The sBTC design is commercially viable because it can scale to a sBTC circulating supply of hundreds of millions of dollars worth of BTC today and potentially to tens of billions of dollars worth of sBTC circulating supply in the future. The upper limit on sBTC supply is determined by a configurable parameter called the Liveness Ratio (described below) and is tied to the economic size of STX capital locked. As the economy of Bitcoin applications built through the Stacks layer grows and more BTC is made productive through contracts on the Stacks layer, this sBTC circulating supply limit should increase over time.
The sBTC design does not introduce any custodians or trusted centralized/federated parties in the middle. For billions of dollars worth of BTC to be used in smart contracts through a peg-in system, it’s critical that no centralized/federated trust is present in the system. Other existing peg systems for Bitcoin, like Liquid or RSK, rely on trusting a federation where the federation members do not put up any collateral as guarantee for their honest behavior. The sBTC system differs from federated peg systems because it is (a) open membership, anyone can join the system easily and become a signer for peg-out transactions, and (b) the peg-out signers need to lock more collateral than the value of BTC pegged-in providing strong economic incentives for the signers to maintain liveness of the system (their collateral is not released until the signers process all pending peg-out requests).

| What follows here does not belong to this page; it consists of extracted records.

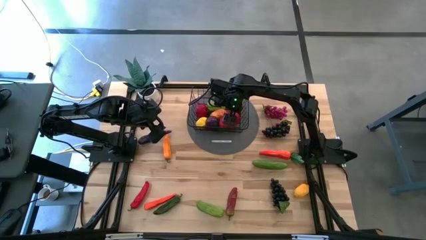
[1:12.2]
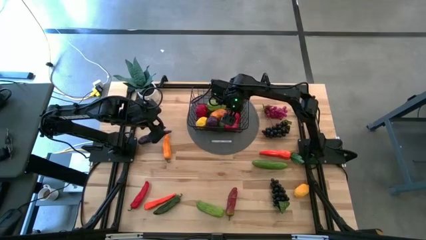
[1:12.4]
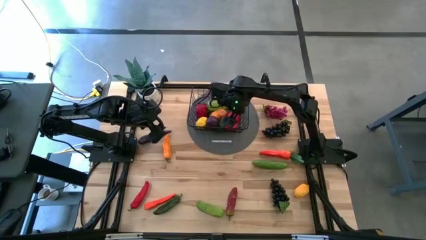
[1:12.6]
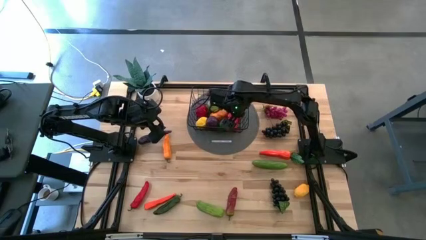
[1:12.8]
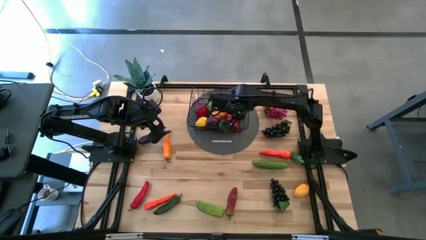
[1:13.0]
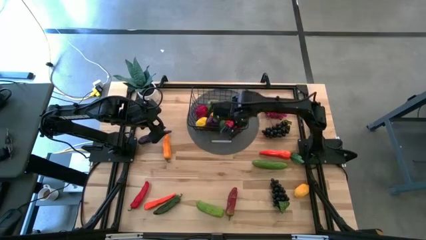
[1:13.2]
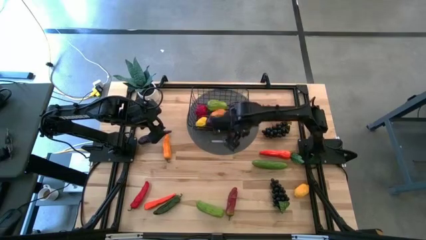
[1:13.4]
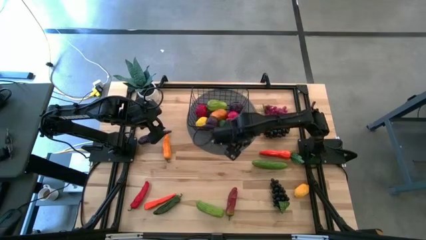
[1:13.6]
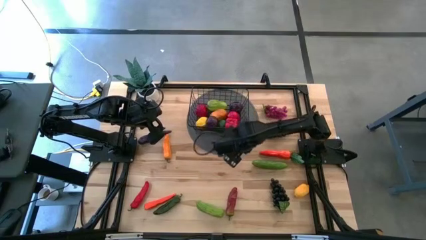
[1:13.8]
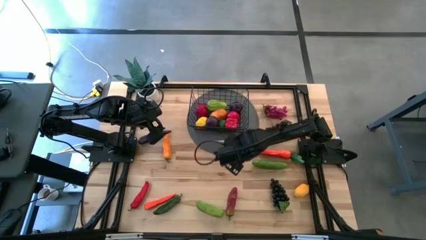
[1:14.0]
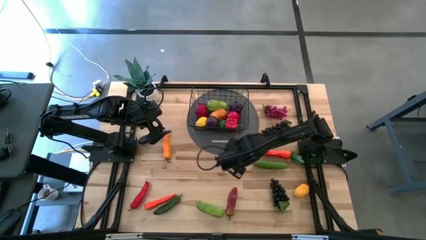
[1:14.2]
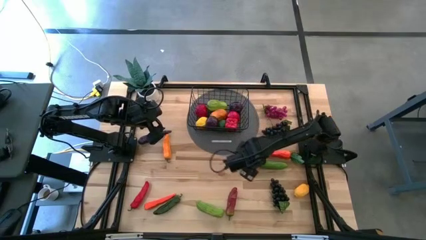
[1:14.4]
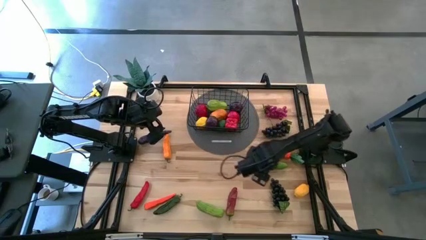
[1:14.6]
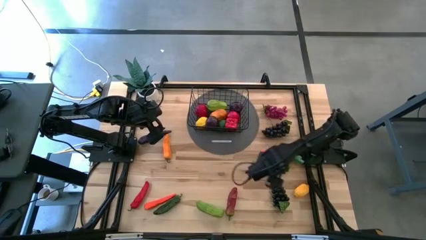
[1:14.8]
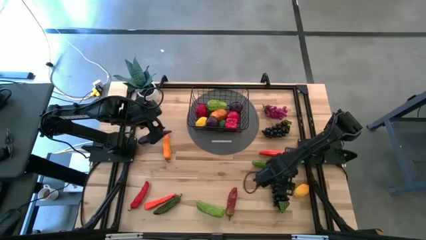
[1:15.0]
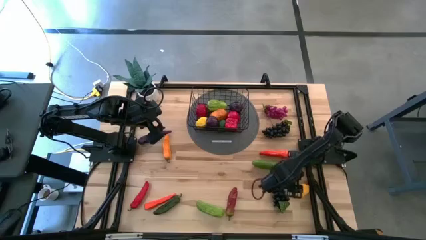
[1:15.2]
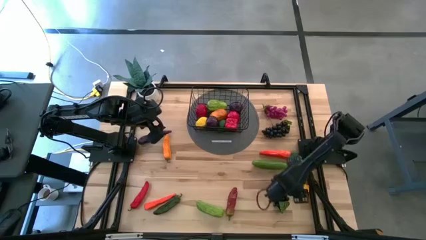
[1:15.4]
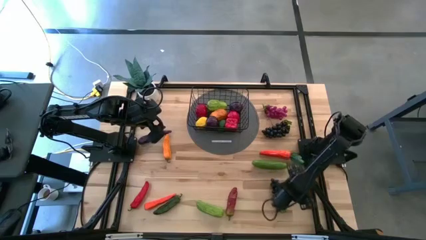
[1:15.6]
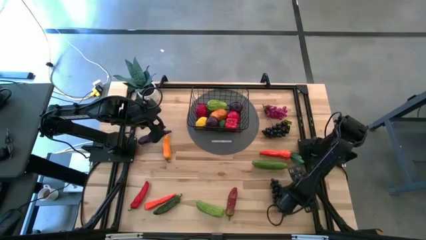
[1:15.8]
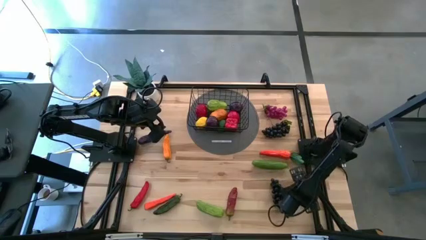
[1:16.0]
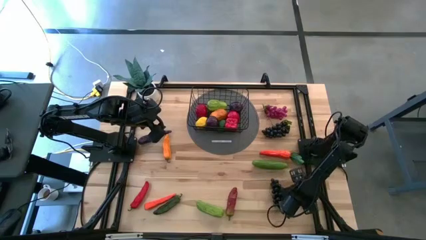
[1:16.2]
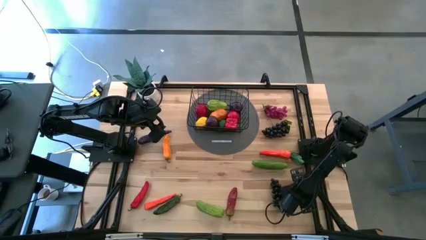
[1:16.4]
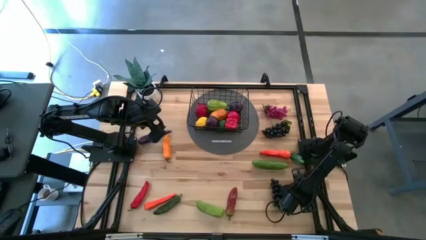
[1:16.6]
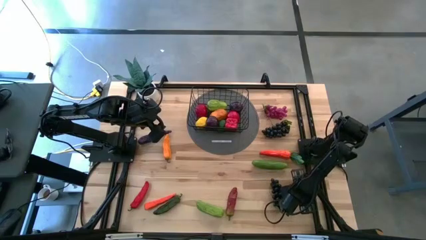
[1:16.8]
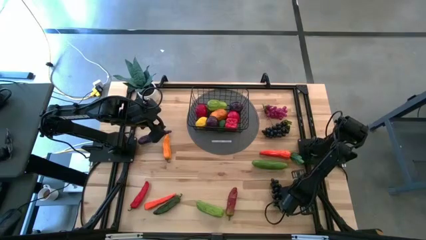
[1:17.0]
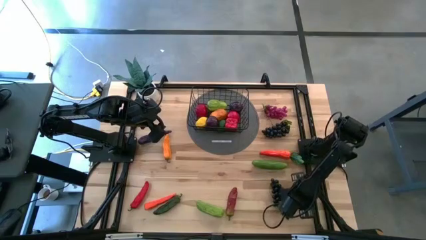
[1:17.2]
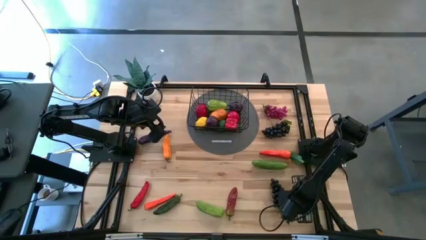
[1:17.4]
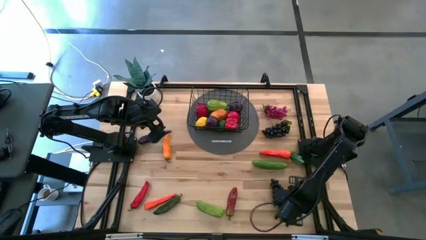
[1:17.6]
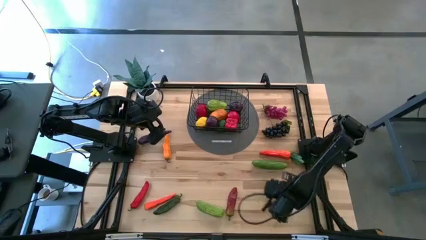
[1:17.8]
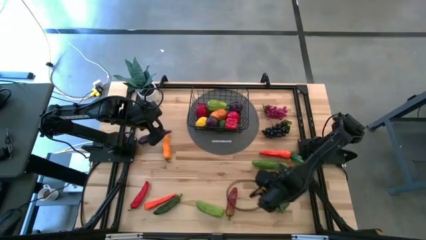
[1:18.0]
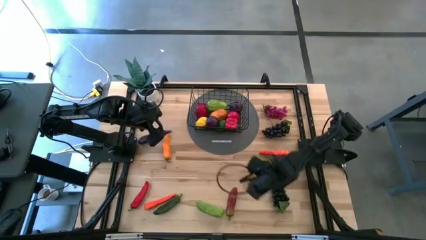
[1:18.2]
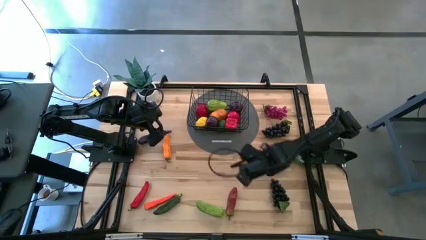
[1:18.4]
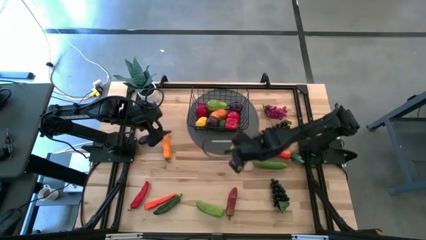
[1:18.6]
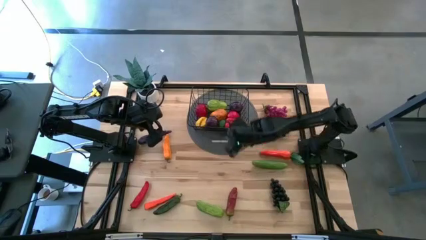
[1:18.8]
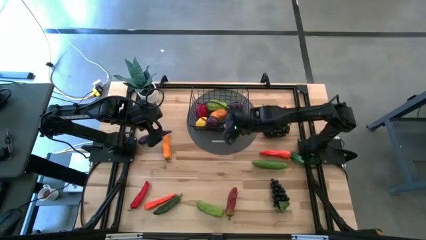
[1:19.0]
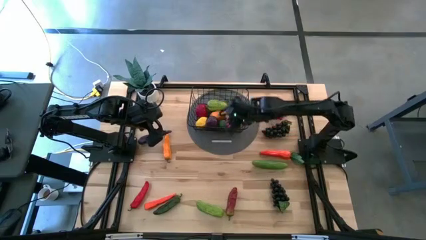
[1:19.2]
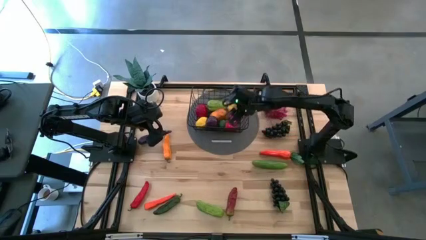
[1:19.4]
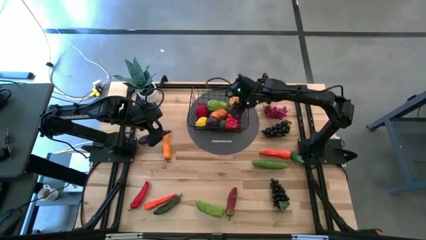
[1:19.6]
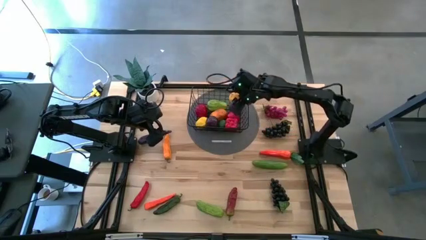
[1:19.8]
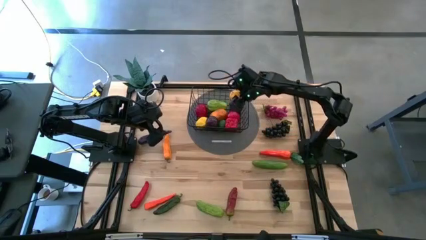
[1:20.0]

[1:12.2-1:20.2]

The only way to mint new sBTC is by depositing equivalent BTC in a script on the Bitcoin main chain. The system always maintains a 1:1 BTC to sBTC ratio and anyone can monitor the open system to verify that the 1:1 ratio is maintained at all times. This is different from custodian approaches, like WBTC, where proof of BTC reserves is less transparent. Further, in sBTC the Bitcoin script/wallet on the Bitcoin main chain is managed by a decentralized and open-membership group of participants vs any single entity or fixed federation. The threshold signers are economically incentivized to maintain the liveness of the peg i.e., to continue signing peg-out transactions.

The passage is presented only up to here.